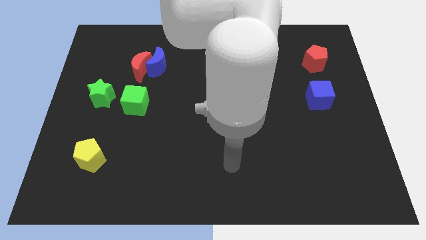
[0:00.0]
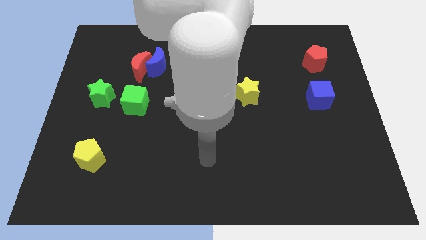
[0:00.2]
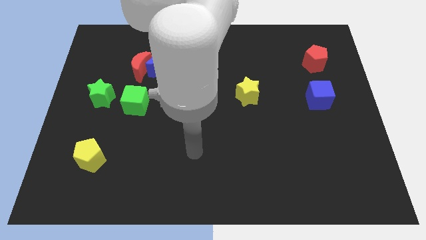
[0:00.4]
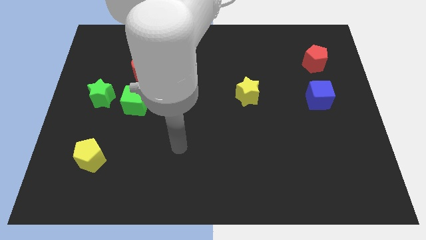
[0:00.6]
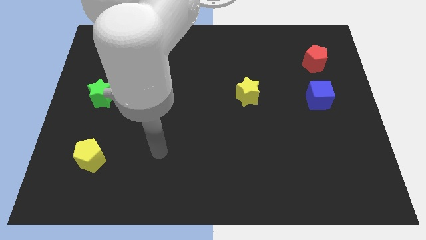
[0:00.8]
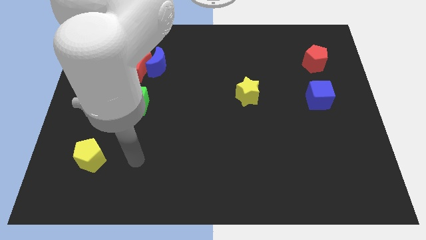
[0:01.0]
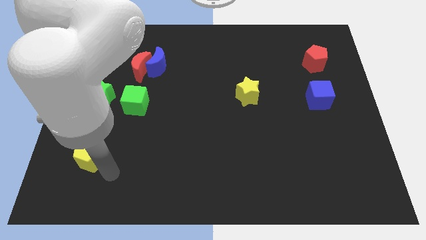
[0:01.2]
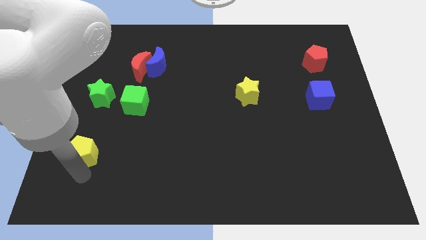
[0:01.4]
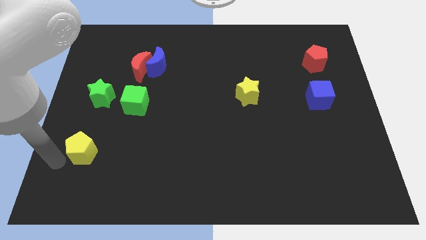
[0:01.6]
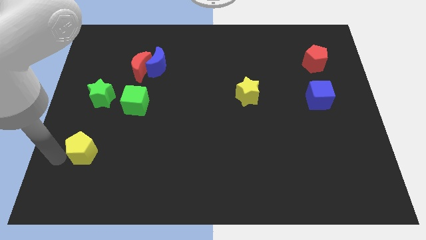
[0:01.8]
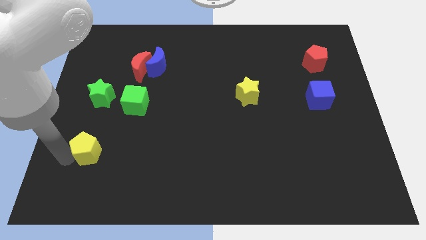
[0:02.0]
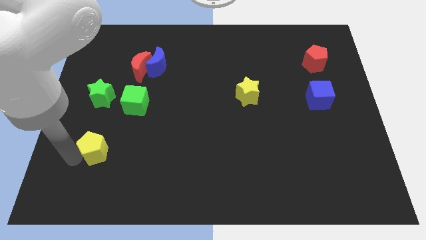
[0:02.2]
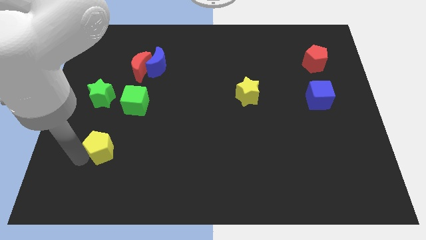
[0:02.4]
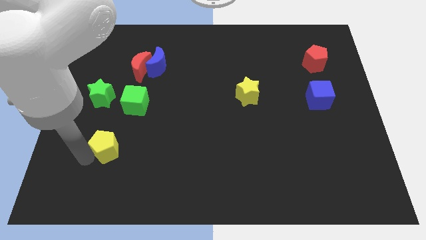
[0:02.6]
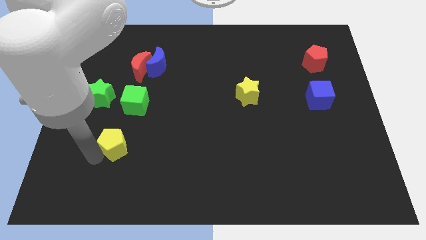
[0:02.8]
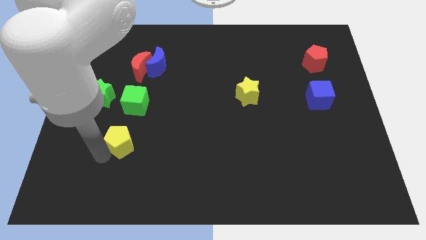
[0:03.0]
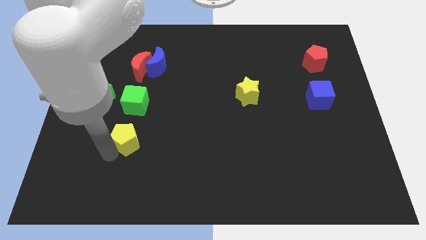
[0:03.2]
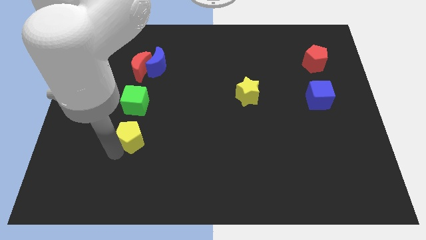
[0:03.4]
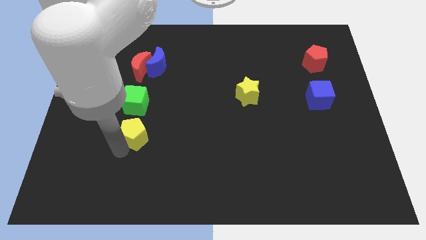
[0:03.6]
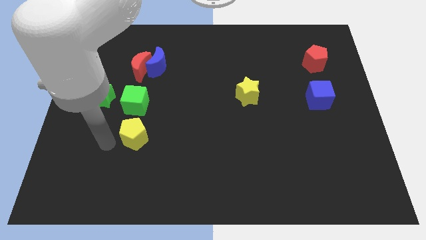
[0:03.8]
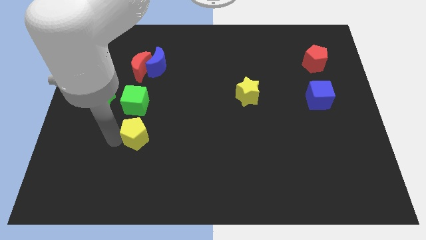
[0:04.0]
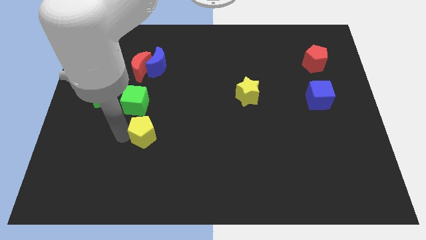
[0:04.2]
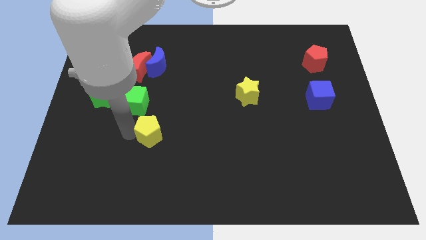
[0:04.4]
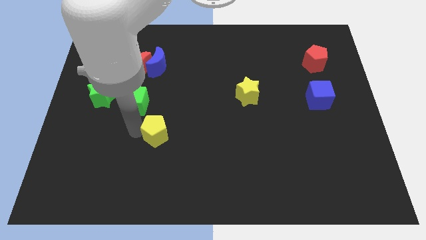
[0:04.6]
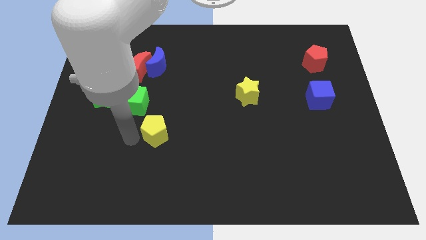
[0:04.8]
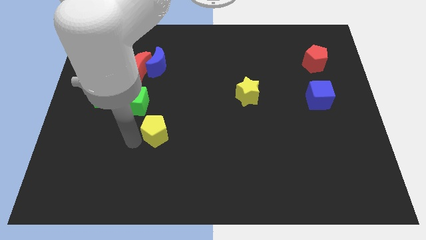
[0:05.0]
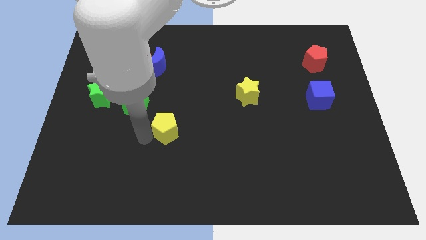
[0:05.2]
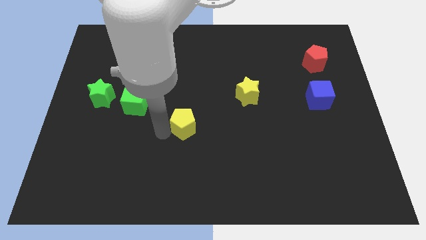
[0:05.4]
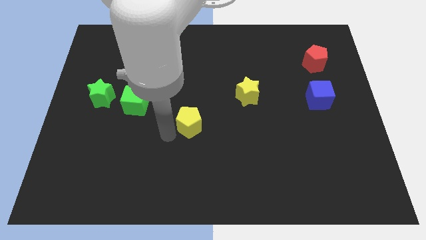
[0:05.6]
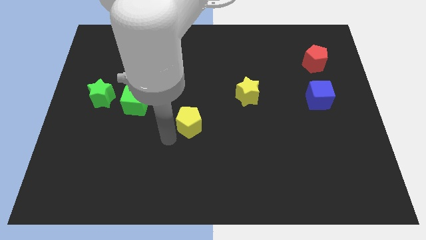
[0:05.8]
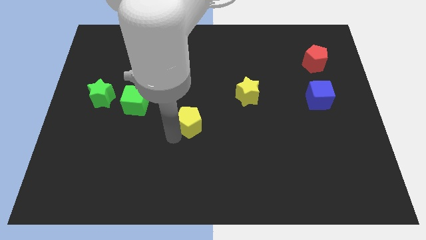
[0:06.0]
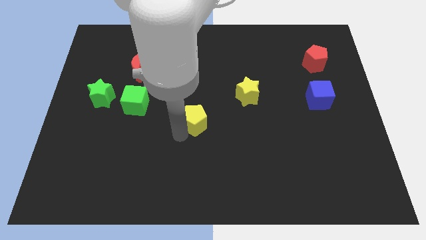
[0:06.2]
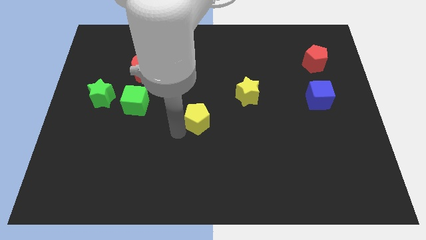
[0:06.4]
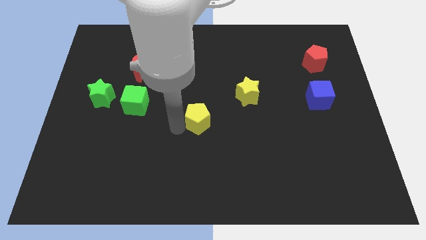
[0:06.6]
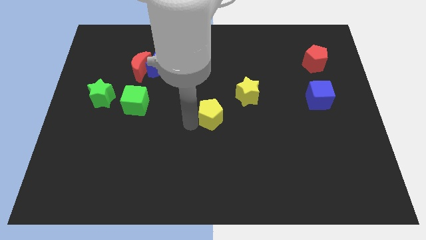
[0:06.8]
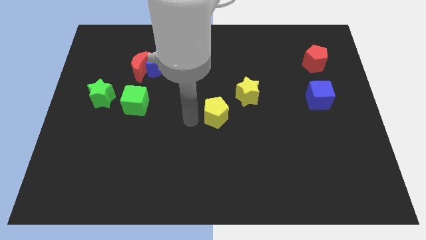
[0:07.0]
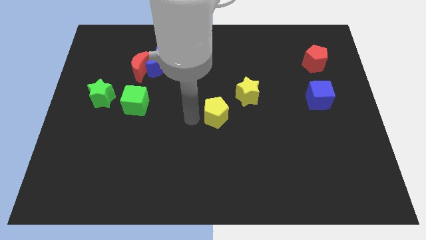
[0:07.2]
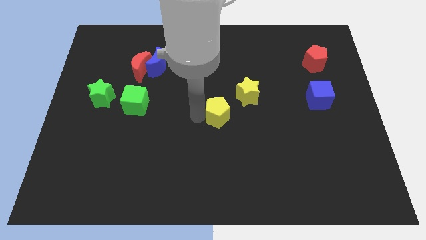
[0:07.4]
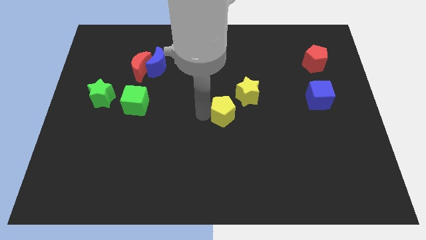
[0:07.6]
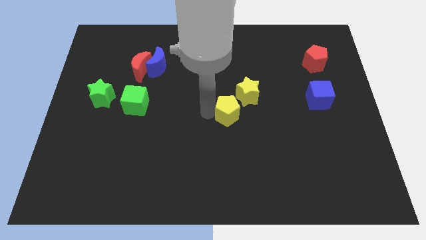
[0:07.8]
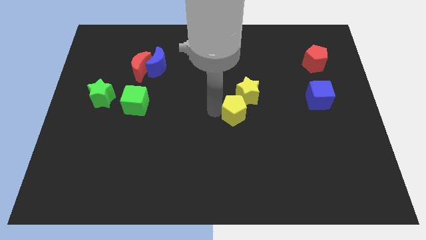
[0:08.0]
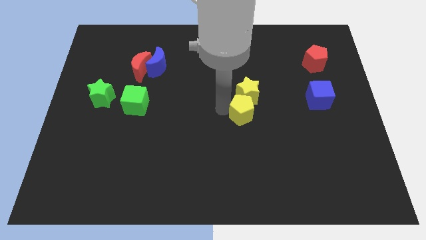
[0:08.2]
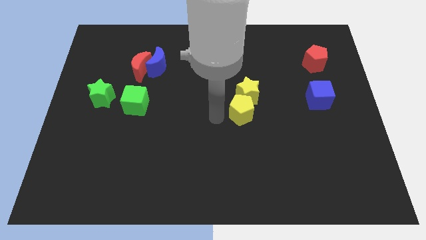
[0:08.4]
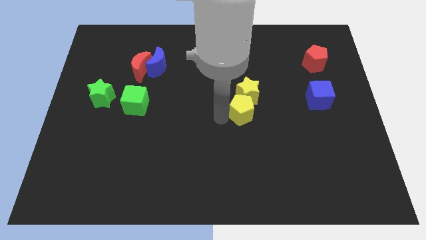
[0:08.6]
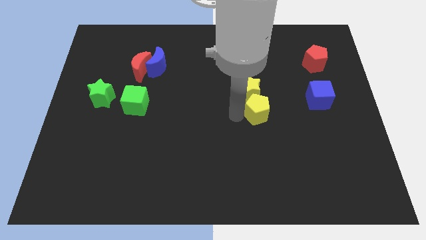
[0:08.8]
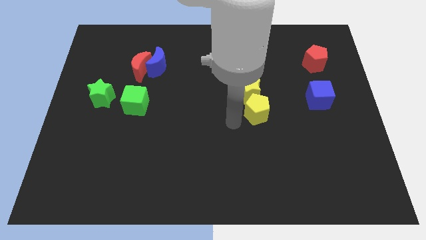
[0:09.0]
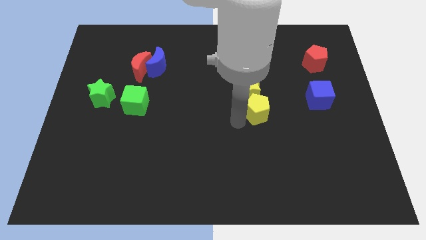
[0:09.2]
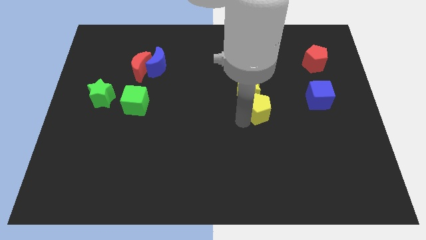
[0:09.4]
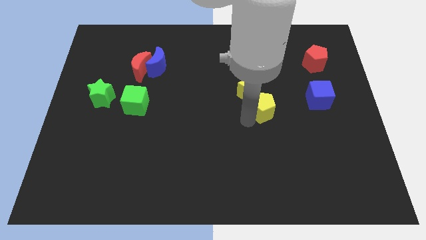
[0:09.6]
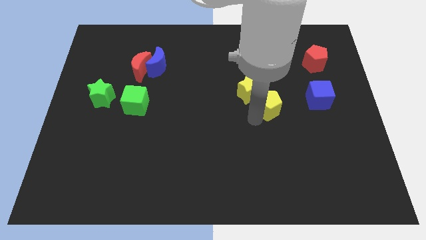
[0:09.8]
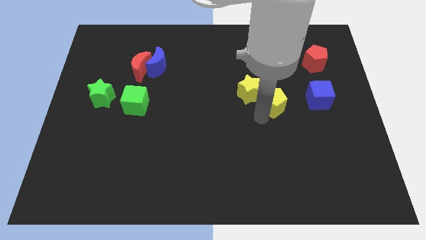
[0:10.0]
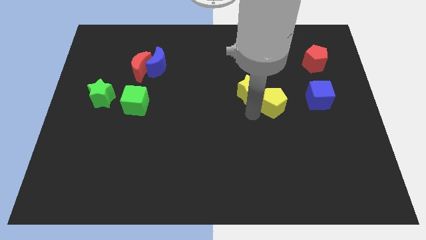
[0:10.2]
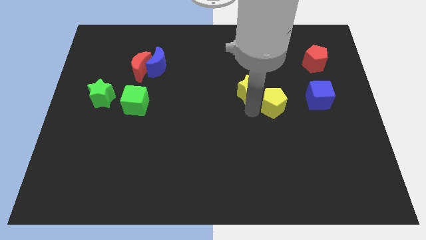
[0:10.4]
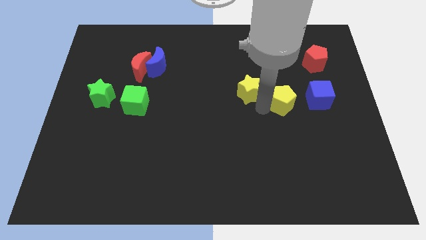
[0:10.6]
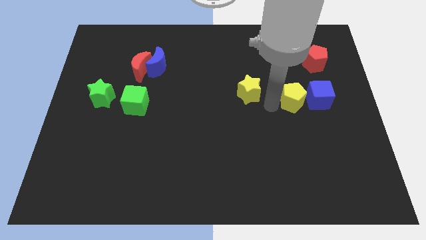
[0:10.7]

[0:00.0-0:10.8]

_What the task asks:_ Copy out the entries verbatim and leave the images out.

_Expected answer:_
[0:00.0]
[0:00.2]
[0:00.4]
[0:00.6]
[0:00.8]
[0:01.0]
[0:01.2]
[0:01.4]
[0:01.6]
[0:01.8]
[0:02.0]
[0:02.2]
[0:02.4]
[0:02.6]
[0:02.8]
[0:03.0]
[0:03.2]
[0:03.4]
[0:03.6]
[0:03.8]
[0:04.0]
[0:04.2]
[0:04.4]
[0:04.6]
[0:04.8]
[0:05.0]
[0:05.2]
[0:05.4]
[0:05.6]
[0:05.8]
[0:06.0]
[0:06.2]
[0:06.4]
[0:06.6]
[0:06.8]
[0:07.0]
[0:07.2]
[0:07.4]
[0:07.6]
[0:07.8]
[0:08.0]
[0:08.2]
[0:08.4]
[0:08.6]
[0:08.8]
[0:09.0]
[0:09.2]
[0:09.4]
[0:09.6]
[0:09.8]
[0:10.0]
[0:10.2]
[0:10.4]
[0:10.6]
[0:10.7]

[0:00.0-0:10.8]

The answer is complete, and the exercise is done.